Не обязательно следить только за той драмой, что разыгрывали между собой Завадский и Калаф, Буш и Галилей, Высоцкий и Гамлет, то есть не обязательно превращать такую драму, что называется, в сюжет. Но, с другой стороны, если эта драма во многих случаях (сегодня по-прежнему в большинстве) не каркас действия, она и не аккомпанемент. Во-первых, потому, что, скажем, крушение гуманизма (так определил тему «Гамлета» у Мих. Чехова П.А. Марков) - трагедия и для персонажа Гамлета и для актера Чехова. Во-вторых, потому, что такую трагедию и так именно Гамлет может переживать только в том случае, когда он одновременно такой, как у Шекспира, и совсем не такой, а, напротив, такой, как Чехов, небольшой, с тусклым голосом и так далее. Комедия героев «Вишневого сада» Чехова-дяди в старом Художественном театре превратилась в драму именно оттого, что в ней действовали, сложно соотнесенные между собою, две разные группы лиц, одной из которых были художественники. Разные группы, из разных лиц, с разными чувствами, мыслями и целями.
Но поскольку об этом мы уже говорили, когда искали театральный предмет, мы вправе и обязаны выделить здесь другое: в инварианте театральной структуры все три связанные ею части спектакля не просто оборотились от стенки друг ко другу. Режиссерский театр открыл (или, лучше сказать, на этом этапе открылось и потому дало режиссуру) особое качество отношений между актером, его художественной ролью и зрителями. Третий исторический автор спектакля, понимал он это или только чувствовал (а многие, ясно, не понимали и не понимают до сих пор), стал сочинять не просто отношения между этими троими (что, конечно, само по себе крайне важно и принципиально ново), но был будто приговорен к определенному типу и содержанию этих отношений: все больше и все упорней они мыслились как драматические и драматическими становились.

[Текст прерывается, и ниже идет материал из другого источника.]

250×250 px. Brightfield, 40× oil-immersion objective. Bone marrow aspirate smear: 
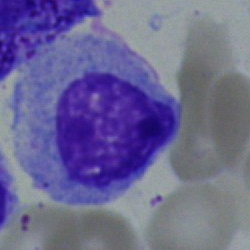Q: What cell is this?
A: Myelocyte.
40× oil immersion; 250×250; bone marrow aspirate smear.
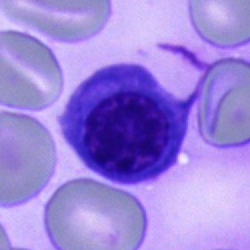Showing a nucleated red blood cell.
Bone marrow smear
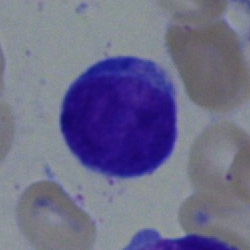Impression — undifferentiated blast.
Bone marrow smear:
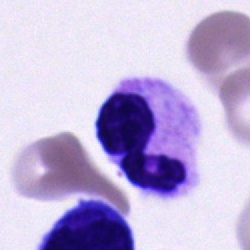 Morphology → segmented neutrophil.
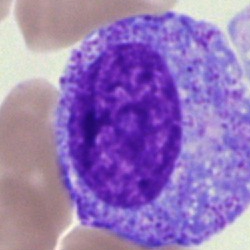Morphology consistent with a promyelocyte.
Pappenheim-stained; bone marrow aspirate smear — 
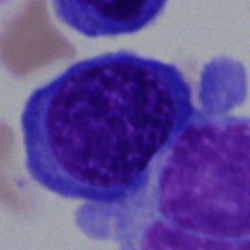Morphology consistent with an erythroblast.
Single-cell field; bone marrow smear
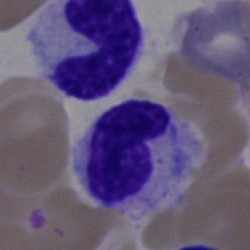The cell shown is a neutrophil (band).
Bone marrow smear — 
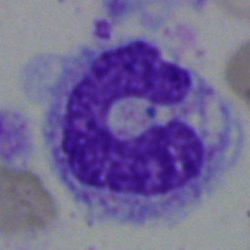

Morphological class — monocyte.
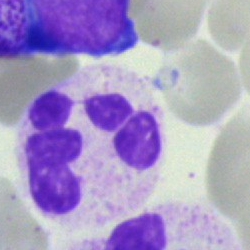

Cell type — neutrophil (segmented).
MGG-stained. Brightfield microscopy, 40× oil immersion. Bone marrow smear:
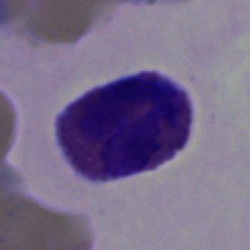 Morphological class — eosinophilic granulocyte.
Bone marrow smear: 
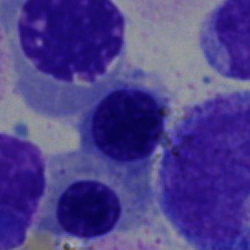 Morphology consistent with a normoblast.
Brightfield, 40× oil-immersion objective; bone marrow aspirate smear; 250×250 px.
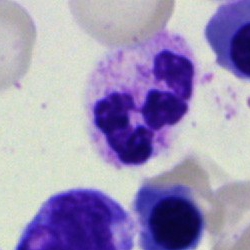 Classification — polymorphonuclear neutrophil.
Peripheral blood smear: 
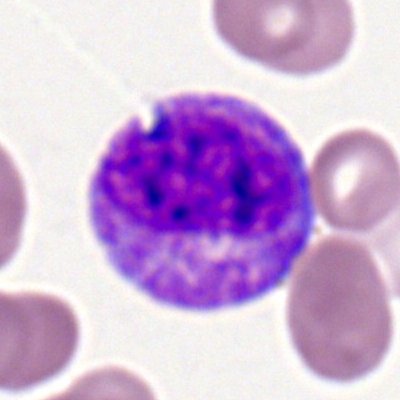
Myelocyte.
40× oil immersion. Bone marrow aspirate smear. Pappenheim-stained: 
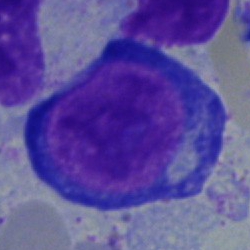 The cell type is proerythroblast.
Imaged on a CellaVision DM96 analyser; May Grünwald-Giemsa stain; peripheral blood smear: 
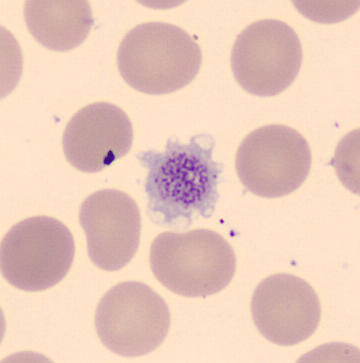

Showing a thrombocyte.
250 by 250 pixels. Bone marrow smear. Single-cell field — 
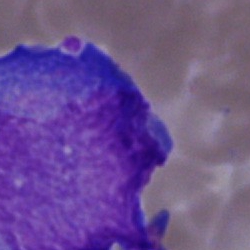Impression — artifact.
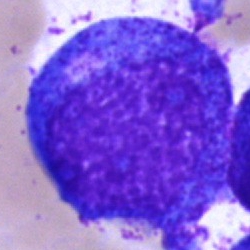
The cell is promyelocyte.
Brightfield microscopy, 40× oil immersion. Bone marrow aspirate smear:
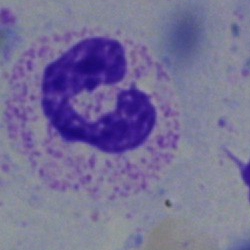

Q: What is the morphological classification of this cell?
A: Neutrophil (segmented).
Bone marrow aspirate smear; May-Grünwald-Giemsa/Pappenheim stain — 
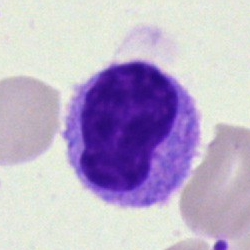

Specimen: bone marrow aspirate smear.
Morphological class: typical lymphocyte.
Lineage: lymphoid.
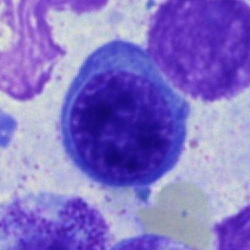
Q: What is the morphological classification of this cell?
A: Nucleated red cell.
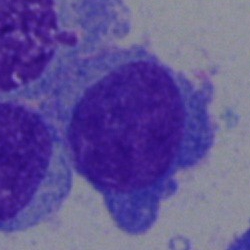 Morphology consistent with a plasmacyte.
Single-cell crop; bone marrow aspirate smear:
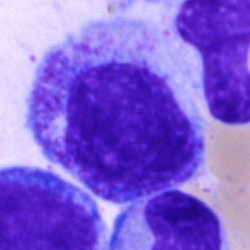Single cell identified as a progranulocyte.
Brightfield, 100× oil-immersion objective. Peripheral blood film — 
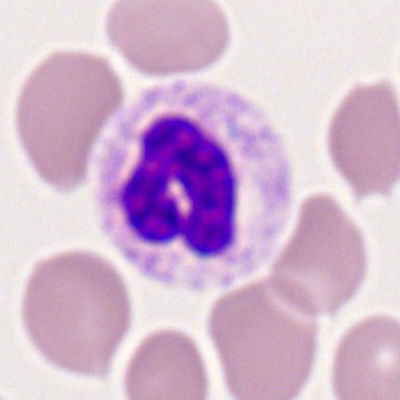
Showing a neutrophil (segmented).
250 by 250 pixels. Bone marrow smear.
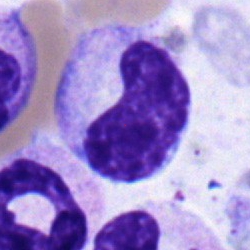

Cell type = metamyelocyte.
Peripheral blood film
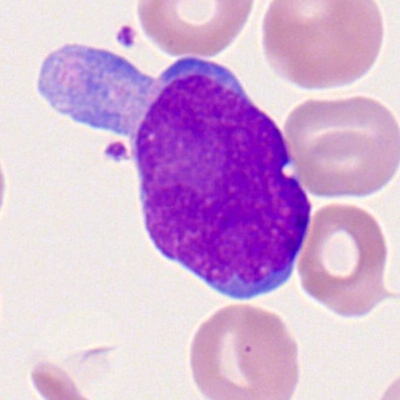 Cell type: monocyte.
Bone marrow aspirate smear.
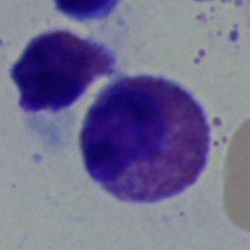

Impression — eosinophil.
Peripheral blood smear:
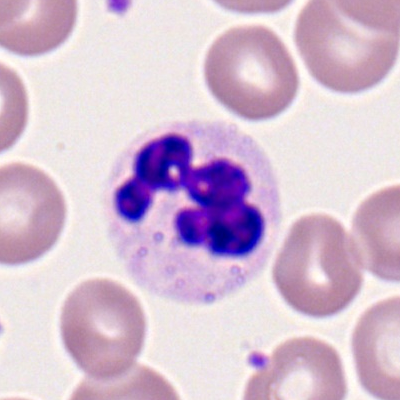 Neutrophil (segmented).
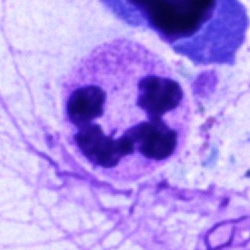 Cell = polymorphonuclear neutrophil.
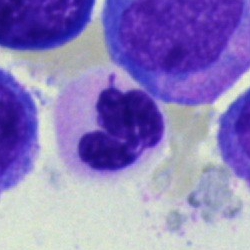Neutrophil (segmented).
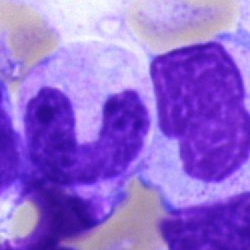Classification — band-form neutrophil.
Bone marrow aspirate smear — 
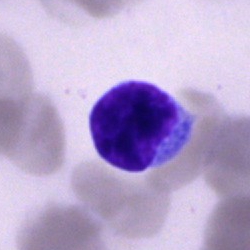

Cell = lymphocyte.
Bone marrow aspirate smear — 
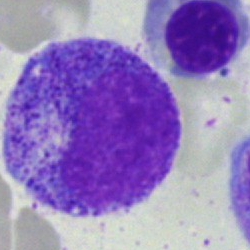 The morphological class is promyelocyte.
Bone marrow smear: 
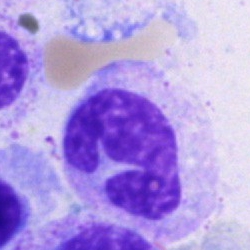

{"cell_type": "polymorphonuclear neutrophil"}
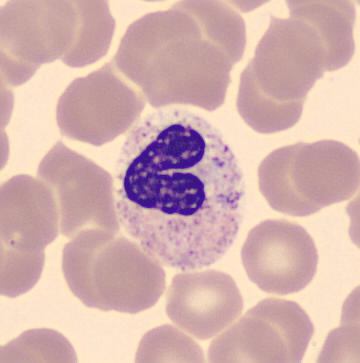
A band neutrophil. Peripheral blood film.
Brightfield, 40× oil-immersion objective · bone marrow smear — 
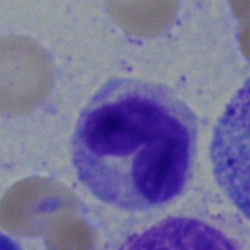 Classification — stab cell.
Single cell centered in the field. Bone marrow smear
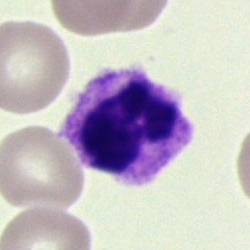Q: What type of cell is this?
A: This is a polymorphonuclear neutrophil.
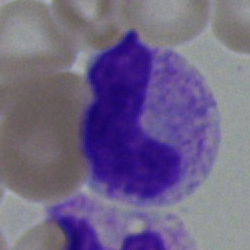Cell: stab cell.
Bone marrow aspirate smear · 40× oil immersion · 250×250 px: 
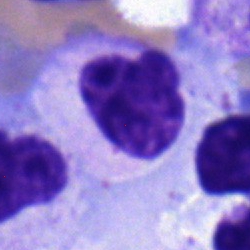Cell type — myelocyte.
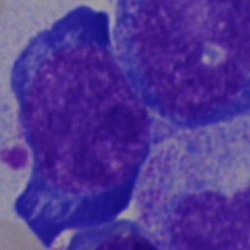{"cell_type": "proerythroblast"}
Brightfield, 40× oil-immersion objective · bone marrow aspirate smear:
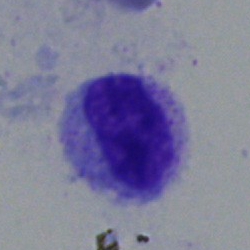
Impression → metamyelocyte.
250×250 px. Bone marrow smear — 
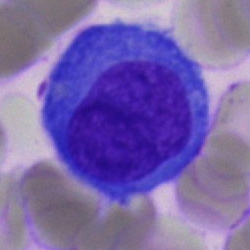

Specimen: bone marrow smear.
Cell type: blast cell.
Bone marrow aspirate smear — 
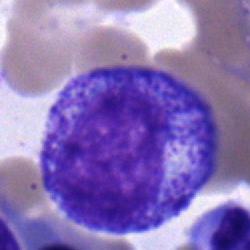

Classification: myelocyte.
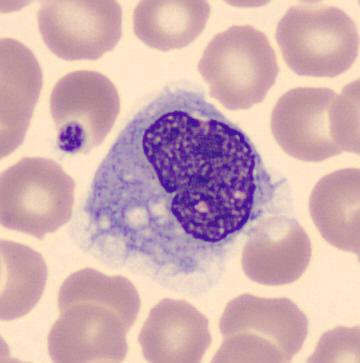
A monocyte. Image: Peripheral blood smear.
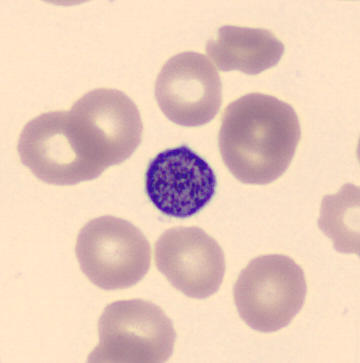

Q: What is this?
A: It is a platelet (thrombocyte).
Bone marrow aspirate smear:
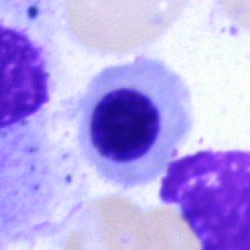

The cell shown is an erythroblast.
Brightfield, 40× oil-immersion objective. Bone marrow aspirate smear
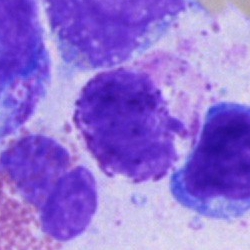

Showing a cell of indeterminate lineage.
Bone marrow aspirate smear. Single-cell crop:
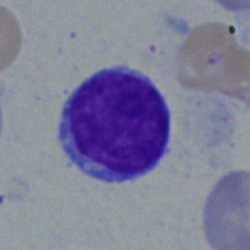

Q: What is shown here?
A: Lymphocyte.
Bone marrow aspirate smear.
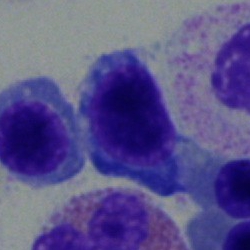Classification: normoblast.
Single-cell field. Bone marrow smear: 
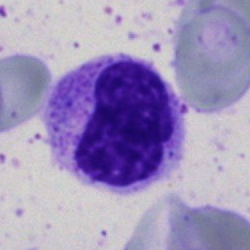
Cell: myelocyte.
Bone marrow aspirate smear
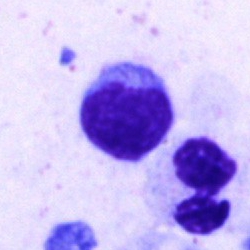Specimen: bone marrow aspirate smear.
Cell type: typical lymphocyte.
Lineage: lymphoid.
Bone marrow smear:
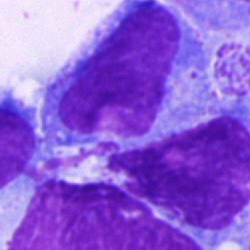
Single cell identified as an undifferentiated blast.
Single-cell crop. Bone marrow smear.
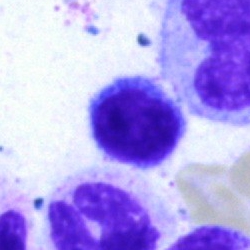Q: What is the morphological classification of this cell?
A: A lymphocyte.
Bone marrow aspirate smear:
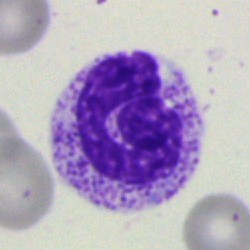 Impression — polymorphonuclear neutrophil.
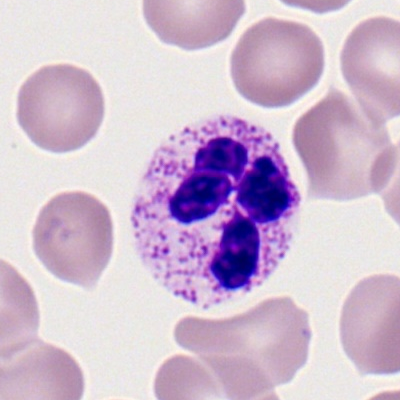

Morphology consistent with a neutrophil (segmented).
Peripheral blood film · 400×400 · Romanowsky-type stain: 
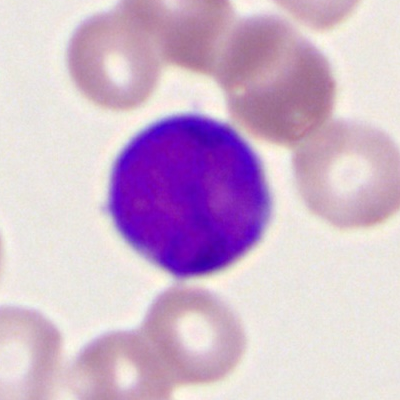

Cell: myeloid blast.
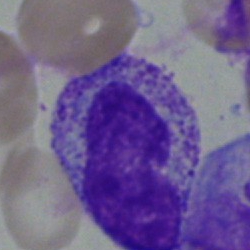

Morphology → metamyelocyte.
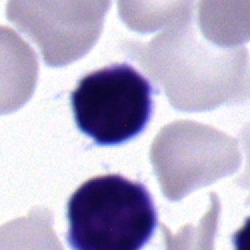

Bone marrow smear showing a lymphocyte.
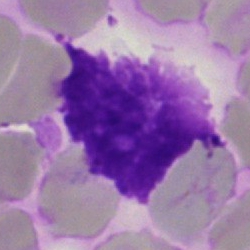Specimen: bone marrow aspirate smear.
Classification: artefact.
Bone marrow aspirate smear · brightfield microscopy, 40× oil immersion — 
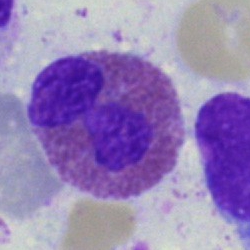

Classification — eosinophil.
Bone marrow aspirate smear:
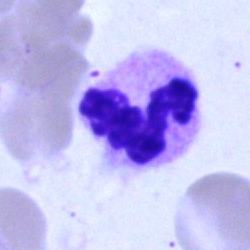
A polymorphonuclear neutrophil.
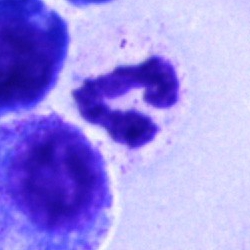
Q: What type of cell is this?
A: A neutrophil (segmented).
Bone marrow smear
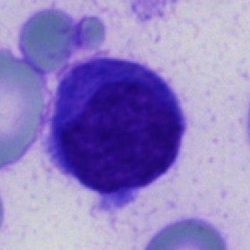

{"cell_type": "unidentifiable cell"}
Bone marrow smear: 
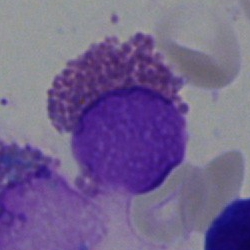
Q: What cell is this?
A: An eosinophilic granulocyte.
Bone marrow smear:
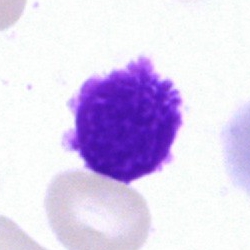
The cell shown is an artifact.
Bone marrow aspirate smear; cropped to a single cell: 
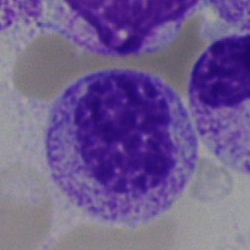
Cell — myelocyte.
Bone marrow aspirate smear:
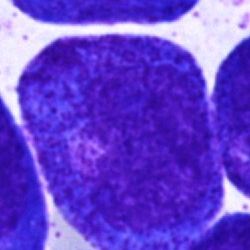A progranulocyte.
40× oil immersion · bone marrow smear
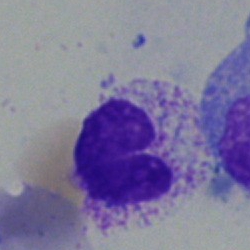Polymorphonuclear neutrophil.
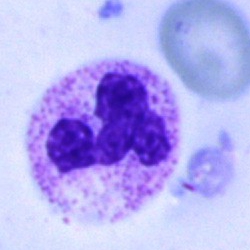
Classification — segmented neutrophil.
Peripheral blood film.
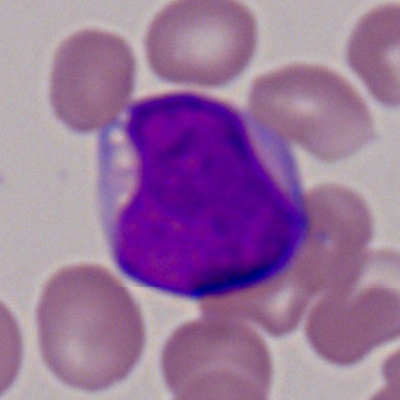Specimen: peripheral blood film.
Cell type: myeloid blast.
Lineage: myeloid.
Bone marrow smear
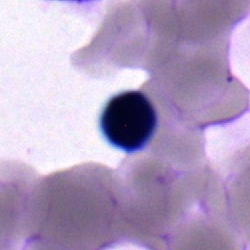
Cell type — lymphocyte.
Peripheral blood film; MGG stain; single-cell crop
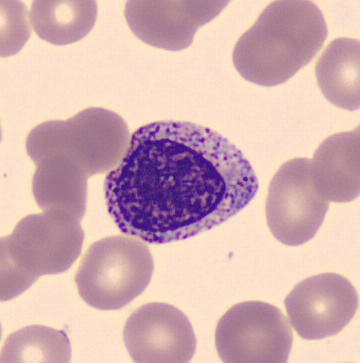 Q: Identify the cell.
A: A myelocyte.
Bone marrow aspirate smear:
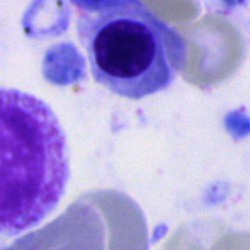

Q: What is the morphological classification of this cell?
A: This is an erythroblast.
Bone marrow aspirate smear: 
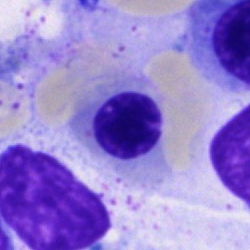 Morphology — nucleated red blood cell.
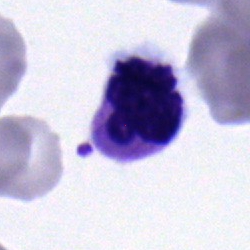
Polymorphonuclear neutrophil.
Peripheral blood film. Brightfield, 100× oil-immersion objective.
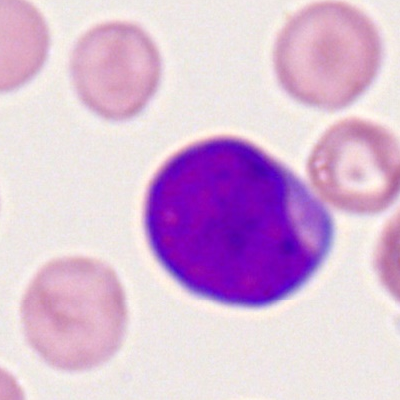 Impression → myeloid blast.
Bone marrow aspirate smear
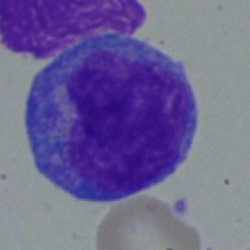 Morphology → blast.

Один из самых показательных примеров - ничтожный по срокам переход от Станиславского с мечтой о максимальном переселении актера в шкуру и душу того, чью роль актер играет, к его младшему современнику Мейерхольду, и субъективно и объективно вернувшему на сцену «старинную» и часто демонстративную самостоятельность актера и маски, а в зрительный зал - хлопающих в ладоши, свистящих, а еще бы лучше - дерущихся между собой ценителей изящного. В том самом «Великодушном рогоносце» гротескными, то есть внутри себя состоящими из отрицающих одна другую крайностей, были и парадоксалистский сюжет Кроммелинка, и великая любовь Брюно к Стелле, и неприличные трюки гаера Ильинского – и дикая, но и неразрывная смесь всего этого и еще многого другого.
Ильинский демонстрировал редкую свободу - воспользуемся чуждой ему тогда терминологией - актера-художника, но и самая демонстрация могла состояться лишь при одном, абсолютно содержательном условии - Ильинский был вынужден нападать на Брюно, мучить его и публично издеваться над ним. И, заметим сразу, только в таком крайнем случае Брюно мог демонстрировать стойкость, достойную всех трех сестер разом, и не стесняться при этом трагических замашек.
Рядом, в «Принцессе Турандот», где Вахтангов осмыслял уроки Мейерхольда, между веселыми красавцами и красавицами из Третьей студии и особами сказочно голубой крови из фьябы Гоцци были «проложены» фиктивные - то ли впрямь существовали, то ли приснились - актеры некой итальянской бродячей труппы, именем Станиславского оправдывавшие игры с ролями. Драматизм в отношениях между двумя главными группами лиц этого спектакля был таким образом как бы смикширован, лукаво относителен. Мейерхольд в «Рогоносце» оказался наредкость простодушен и не защищен.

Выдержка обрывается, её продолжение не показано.